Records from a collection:
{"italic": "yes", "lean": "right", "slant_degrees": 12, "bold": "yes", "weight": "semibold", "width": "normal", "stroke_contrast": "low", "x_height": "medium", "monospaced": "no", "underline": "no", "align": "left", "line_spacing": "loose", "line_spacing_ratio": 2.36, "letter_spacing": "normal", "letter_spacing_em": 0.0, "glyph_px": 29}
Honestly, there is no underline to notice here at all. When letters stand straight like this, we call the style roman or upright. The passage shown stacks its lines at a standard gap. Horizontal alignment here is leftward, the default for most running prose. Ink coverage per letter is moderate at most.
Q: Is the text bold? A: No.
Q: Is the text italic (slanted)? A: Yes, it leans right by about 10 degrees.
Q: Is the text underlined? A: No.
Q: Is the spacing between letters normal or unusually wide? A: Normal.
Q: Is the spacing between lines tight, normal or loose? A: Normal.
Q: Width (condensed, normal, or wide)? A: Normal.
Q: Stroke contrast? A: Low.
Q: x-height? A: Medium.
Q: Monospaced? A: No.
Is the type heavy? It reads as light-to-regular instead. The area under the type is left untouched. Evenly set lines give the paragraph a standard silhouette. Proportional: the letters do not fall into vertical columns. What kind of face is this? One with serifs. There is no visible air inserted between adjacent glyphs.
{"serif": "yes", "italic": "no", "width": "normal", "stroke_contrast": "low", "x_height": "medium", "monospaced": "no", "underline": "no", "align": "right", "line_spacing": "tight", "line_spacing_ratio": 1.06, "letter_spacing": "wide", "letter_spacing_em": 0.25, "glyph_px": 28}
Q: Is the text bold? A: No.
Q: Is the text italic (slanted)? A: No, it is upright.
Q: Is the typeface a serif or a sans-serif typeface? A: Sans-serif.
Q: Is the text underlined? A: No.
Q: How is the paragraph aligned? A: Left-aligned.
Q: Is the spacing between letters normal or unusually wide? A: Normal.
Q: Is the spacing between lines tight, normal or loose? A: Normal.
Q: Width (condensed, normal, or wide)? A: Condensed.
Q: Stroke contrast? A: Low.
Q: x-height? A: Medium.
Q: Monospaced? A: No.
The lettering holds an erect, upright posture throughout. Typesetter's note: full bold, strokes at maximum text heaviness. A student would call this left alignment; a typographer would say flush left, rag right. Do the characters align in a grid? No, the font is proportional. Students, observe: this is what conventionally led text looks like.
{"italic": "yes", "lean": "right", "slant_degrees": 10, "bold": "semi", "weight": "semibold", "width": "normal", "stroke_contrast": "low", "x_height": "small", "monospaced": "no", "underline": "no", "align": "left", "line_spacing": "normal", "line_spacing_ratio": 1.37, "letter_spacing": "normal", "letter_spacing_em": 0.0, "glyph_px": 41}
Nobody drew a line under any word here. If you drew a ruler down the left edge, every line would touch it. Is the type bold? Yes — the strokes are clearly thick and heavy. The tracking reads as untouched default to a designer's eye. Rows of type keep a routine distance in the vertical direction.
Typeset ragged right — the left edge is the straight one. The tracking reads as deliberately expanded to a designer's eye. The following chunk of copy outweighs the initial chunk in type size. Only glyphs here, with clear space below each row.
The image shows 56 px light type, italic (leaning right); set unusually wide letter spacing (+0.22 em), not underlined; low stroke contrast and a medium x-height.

#### [Task to complete]
Copy each line above containing the string "slanted".

#### [Solution to this problem]
Q: Is the text italic (slanted)? A: Yes, it leans right by about 10 degrees.
Q: Is the text italic (slanted)? A: No, it is upright.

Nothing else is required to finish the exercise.